0:09:55 > 0:09:58"It is therefore necessary to examine and fix what ignorance is,
0:09:58 > 0:10:00"what we are and can be ignorant of."
0:10:00 > 0:10:02- So it's the study of...- I love that.
0:10:02 > 0:10:03- I like that a lot.- Yes.
0:10:03 > 0:10:05Right, any more? Let's see.
0:10:05 > 0:10:07- OK, heterology.- Heterology.
0:10:07 > 0:10:09It's one of a pair, which do you think it goes with?
0:10:09 > 0:10:11- Autology.- Autology. Absolutely right.
0:10:11 > 0:10:12Heterology and autology.
0:10:12 > 0:10:14It's basically men and motors.
0:10:14 > 0:10:16LAUGHTER
0:10:16 > 0:10:18They go together.
0:10:18 > 0:10:21Yeah. A word is autological if it is self-descriptive.
0:10:21 > 0:10:24So, polysyllabic is autological
0:10:24 > 0:10:26because it is, itself, polysyllabic.
0:10:26 > 0:10:28But conversely, heterology is the attribute of a word
0:10:28 > 0:10:30not being self-descriptive.

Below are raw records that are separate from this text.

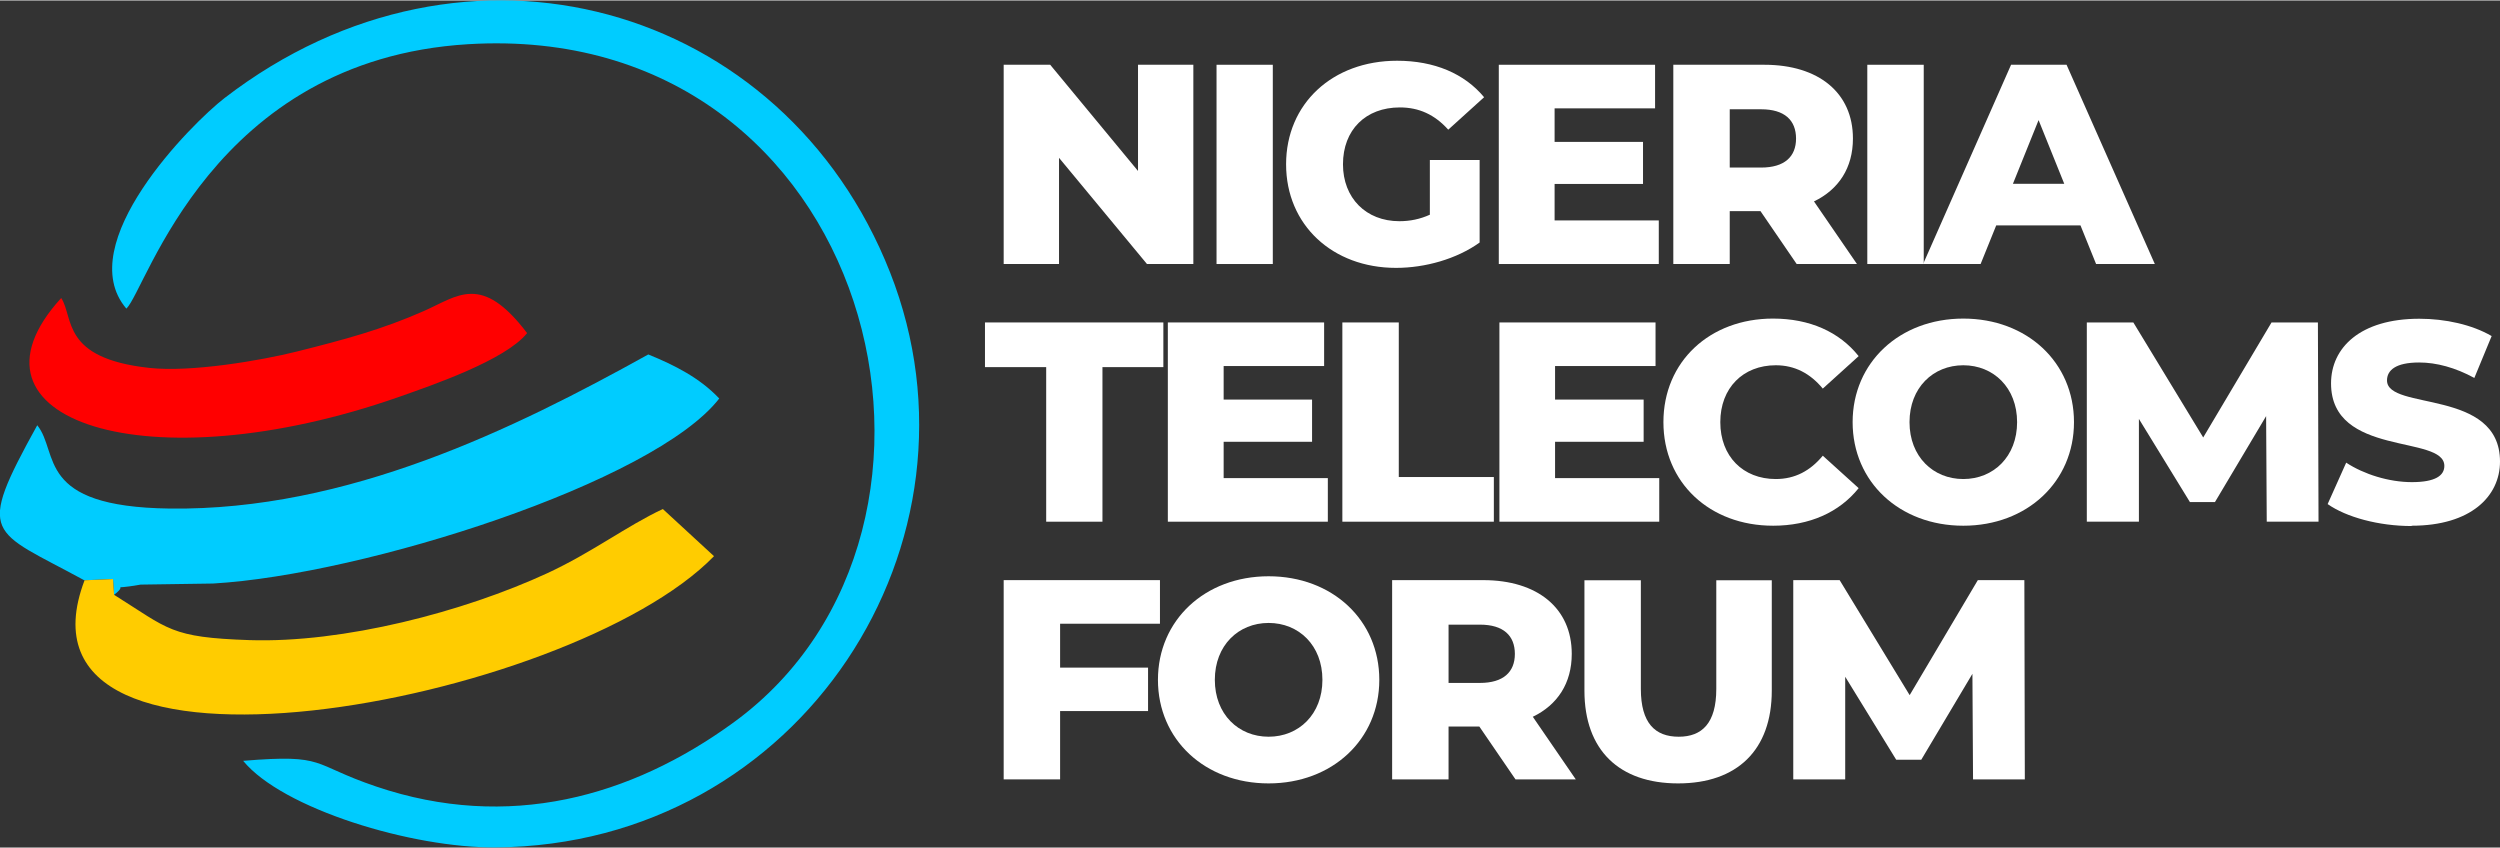 <?xml version="1.0" encoding="UTF-8"?>
<!DOCTYPE svg PUBLIC "-//W3C//DTD SVG 1.1//EN" "http://www.w3.org/Graphics/SVG/1.1/DTD/svg11.dtd">
<!-- Creator: CorelDRAW 2021 (64-Bit) -->
<svg xmlns="http://www.w3.org/2000/svg" xml:space="preserve" width="1.76in" height="0.597in" version="1.1" style="shape-rendering:geometricPrecision; text-rendering:geometricPrecision; image-rendering:optimizeQuality; fill-rule:evenodd; clip-rule:evenodd"
viewBox="0 0 161.73 54.8"
 xmlns:xlink="http://www.w3.org/1999/xlink"
 xmlns:xodm="http://www.corel.com/coreldraw/odm/2003">
 <rect x="0" y="0" width="161.73" height="54.8" fill="#333333" stroke="none"/>
 <defs>
  <style type="text/css">
   <![CDATA[
    .fil1 {fill:#00CCFF}
    .fil3 {fill:red}
    .fil2 {fill:#FFCC00}
    .fil0 {fill:white;fill-rule:nonzero}
   ]]>
  </style>
 </defs>
 <g id="Layer_x0020_1">
  <g id="_2685944409184">
   <polygon class="fil0" points="73.62,4.16 73.62,11.03 67.94,4.16 64.93,4.16 64.93,17.05 68.51,17.05 68.51,10.18 74.2,17.05 77.2,17.05 77.2,4.16 "/>
   <polygon id="_1" class="fil0" points="78.7,17.05 82.34,17.05 82.34,4.16 78.7,4.16 "/>
   <path id="_2" class="fil0" d="M92.5 13.86c-0.64,0.29 -1.29,0.42 -1.97,0.42 -2.17,0 -3.65,-1.51 -3.65,-3.68 0,-2.23 1.47,-3.68 3.68,-3.68 1.23,0 2.25,0.46 3.13,1.44l2.32 -2.1c-1.27,-1.53 -3.22,-2.36 -5.63,-2.36 -4.18,0 -7.18,2.78 -7.18,6.7 0,3.92 3,6.7 7.11,6.7 1.88,0 3.92,-0.57 5.41,-1.64l0 -5.34 -3.22 0 0 3.53z"/>
   <polygon id="_3" class="fil0" points="100.57,14.23 100.57,11.87 106.29,11.87 106.29,9.15 100.57,9.15 100.57,6.98 107.07,6.98 107.07,4.16 96.96,4.16 96.96,17.05 107.31,17.05 107.31,14.23 "/>
   <path id="_4" class="fil0" d="M116.23 17.05l3.9 0 -2.78 -4.05c1.6,-0.77 2.52,-2.17 2.52,-4.07 0,-2.95 -2.21,-4.77 -5.73,-4.77l-5.89 0 0 12.89 3.65 0 0 -3.42 1.99 0 2.34 3.42zm-0.04 -8.12c0,1.18 -0.75,1.88 -2.26,1.88l-2.03 0 0 -3.77 2.03 0c1.51,0 2.26,0.7 2.26,1.9z"/>
   <polygon id="_5" class="fil0" points="120.8,17.05 124.45,17.05 124.45,4.16 120.8,4.16 "/>
   <path id="_6" class="fil0" d="M135.61 17.05l3.79 0 -5.71 -12.89 -3.59 0 -5.69 12.89 3.72 0 1.01 -2.5 5.45 0 1.01 2.5zm-5.39 -5.19l1.66 -4.12 1.66 4.12 -3.31 0z"/>
   <polygon id="_7" class="fil0" points="67.68,33.72 71.32,33.72 71.32,23.72 75.26,23.72 75.26,20.83 63.72,20.83 63.72,23.72 67.68,23.72 "/>
   <polygon id="_8" class="fil0" points="79.16,30.9 79.16,28.55 84.88,28.55 84.88,25.82 79.16,25.82 79.16,23.65 85.66,23.65 85.66,20.83 75.55,20.83 75.55,33.72 85.9,33.72 85.9,30.9 "/>
   <polygon id="_9" class="fil0" points="86.84,33.72 96.64,33.72 96.64,30.83 90.49,30.83 90.49,20.83 86.84,20.83 "/>
   <polygon id="_10" class="fil0" points="100.6,30.9 100.6,28.55 106.33,28.55 106.33,25.82 100.6,25.82 100.6,23.65 107.1,23.65 107.1,20.83 97,20.83 97,33.72 107.34,33.72 107.34,30.9 "/>
   <path id="_11" class="fil0" d="M114.7 33.98c2.37,0 4.29,-0.87 5.54,-2.43l-2.32 -2.1c-0.81,0.98 -1.8,1.51 -3.04,1.51 -2.12,0 -3.59,-1.47 -3.59,-3.68 0,-2.21 1.47,-3.68 3.59,-3.68 1.23,0 2.23,0.53 3.04,1.51l2.32 -2.1c-1.25,-1.57 -3.17,-2.43 -5.54,-2.43 -4.09,0 -7.09,2.78 -7.09,6.7 0,3.92 3,6.7 7.09,6.7z"/>
   <path id="_12" class="fil0" d="M127.01 33.98c4.12,0 7.16,-2.84 7.16,-6.7 0,-3.87 -3.04,-6.7 -7.16,-6.7 -4.12,0 -7.16,2.84 -7.16,6.7 0,3.87 3.04,6.7 7.16,6.7zm0 -3.02c-1.95,0 -3.48,-1.45 -3.48,-3.68 0,-2.23 1.53,-3.68 3.48,-3.68 1.95,0 3.48,1.45 3.48,3.68 0,2.23 -1.53,3.68 -3.48,3.68z"/>
   <polygon id="_13" class="fil0" points="149.99,33.72 149.95,20.83 146.95,20.83 142.53,28.27 138.01,20.83 135,20.83 135,33.72 138.37,33.72 138.37,27.07 141.67,32.45 143.29,32.45 146.6,26.89 146.64,33.72 "/>
   <path id="_14" class="fil0" d="M156.02 33.98c3.83,0 5.71,-1.91 5.71,-4.15 0,-4.75 -7.31,-3.27 -7.31,-5.25 0,-0.65 0.55,-1.16 2.08,-1.16 1.12,0 2.34,0.33 3.57,1l1.12 -2.71c-1.27,-0.74 -3,-1.12 -4.68,-1.12 -3.83,0 -5.71,1.88 -5.71,4.18 0,4.79 7.33,3.3 7.33,5.34 0,0.63 -0.59,1.05 -2.1,1.05 -1.49,0 -3.11,-0.51 -4.25,-1.26l-1.2 2.68c1.21,0.85 3.31,1.42 5.43,1.42z"/>
   <polygon id="_15" class="fil0" points="75.04,40.32 75.04,37.5 64.93,37.5 64.93,50.39 68.58,50.39 68.58,45.97 74.27,45.97 74.27,43.16 68.58,43.16 68.58,40.32 "/>
   <path id="_16" class="fil0" d="M82.07 50.65c4.12,0 7.16,-2.84 7.16,-6.7 0,-3.87 -3.04,-6.7 -7.16,-6.7 -4.12,0 -7.16,2.84 -7.16,6.7 0,3.87 3.04,6.7 7.16,6.7zm0 -3.02c-1.95,0 -3.48,-1.45 -3.48,-3.68 0,-2.23 1.53,-3.68 3.48,-3.68 1.95,0 3.48,1.45 3.48,3.68 0,2.23 -1.53,3.68 -3.48,3.68z"/>
   <path id="_17" class="fil0" d="M98.04 50.39l3.9 0 -2.78 -4.05c1.6,-0.77 2.52,-2.17 2.52,-4.07 0,-2.95 -2.21,-4.77 -5.73,-4.77l-5.89 0 0 12.89 3.65 0 0 -3.42 1.99 0 2.34 3.42zm-0.04 -8.12c0,1.18 -0.75,1.88 -2.26,1.88l-2.03 0 0 -3.77 2.03 0c1.51,0 2.26,0.7 2.26,1.9z"/>
   <path id="_18" class="fil0" d="M108.56 50.65c3.81,0 6.06,-2.15 6.06,-6l0 -7.14 -3.59 0 0 7.03c0,2.21 -0.92,3.09 -2.43,3.09 -1.53,0 -2.45,-0.88 -2.45,-3.09l0 -7.03 -3.65 0 0 7.14c0,3.85 2.25,6 6.06,6z"/>
   <polygon id="_19" class="fil0" points="130.99,50.39 130.96,37.5 127.95,37.5 123.54,44.94 119.01,37.5 116.01,37.5 116.01,50.39 119.37,50.39 119.37,43.75 122.67,49.12 124.29,49.12 127.6,43.56 127.64,50.39 "/>
   <path class="fil1" d="M8.18 19.93c1.3,-1.24 5.5,-16.09 22.1,-17.1 26.31,-1.6 34.47,31.31 17.16,43.89 -6.62,4.81 -14.55,7.03 -23.11,4.13 -4.26,-1.44 -3.16,-2.11 -8.6,-1.66 2.54,3.1 10.92,5.65 16.35,5.6 19.72,-0.15 32.36,-19.78 25.5,-37.2 -6.84,-17.37 -27.4,-23.32 -43.05,-11.28 -2.13,1.64 -9.91,9.45 -6.36,13.62z"/>
   <path class="fil1" d="M5.47 37.51l1.84 -0.08 0.07 1.02c1.07,-0.82 -0.57,-0.26 1.72,-0.66l4.69 -0.07c9.76,-0.57 28.53,-6.54 32.74,-11.97 -1.27,-1.34 -2.88,-2.15 -4.59,-2.85 -8.7,4.83 -19.49,10.12 -30.96,9.97 -8.72,-0.11 -7.13,-3.61 -8.57,-5.39 -4.03,7.29 -3.03,6.71 3.06,10.04z"/>
   <path class="fil2" d="M7.38 38.45l-0.07 -1.02 -1.84 0.08c-5.67,14.93 31.38,8.05 40.72,-1.56l-3.31 -3.05c-2.33,1.09 -4.58,2.81 -7.47,4.15 -5.43,2.51 -13.21,4.53 -19.27,4.33 -5.14,-0.17 -5.21,-0.71 -8.76,-2.93z"/>
   <path class="fil3" d="M3.95 19.26c-7.18,7.88 5.58,12.11 21.91,6.37 2.07,-0.73 6.84,-2.36 8.24,-4.11 -2.96,-3.9 -4.47,-2.4 -6.7,-1.42 -2.7,1.19 -5.08,1.83 -8.23,2.62 -2.29,0.57 -6.82,1.35 -9.51,1.05 -5.72,-0.62 -4.87,-3.25 -5.7,-4.52z"/>
  </g>
 </g>
</svg>

0:10:30 > 0:10:33So, for example, if you regard "misspelt" with a T
0:10:33 > 0:10:35as British English
0:10:35 > 0:10:37as opposed to the American English "misspelled" -
0:10:37 > 0:10:39which is spelt with a D -
0:10:39 > 0:10:41then "misspelt" with a T would be autological in America
0:10:41 > 0:10:44because it is misspelt and heterological in the UK...
0:10:44 > 0:10:47- cos it is...not misspelt. - Right, my head's just exploded.
0:10:47 > 0:10:51APPLAUSE
0:10:54 > 0:10:56OK, let's try Piphilology.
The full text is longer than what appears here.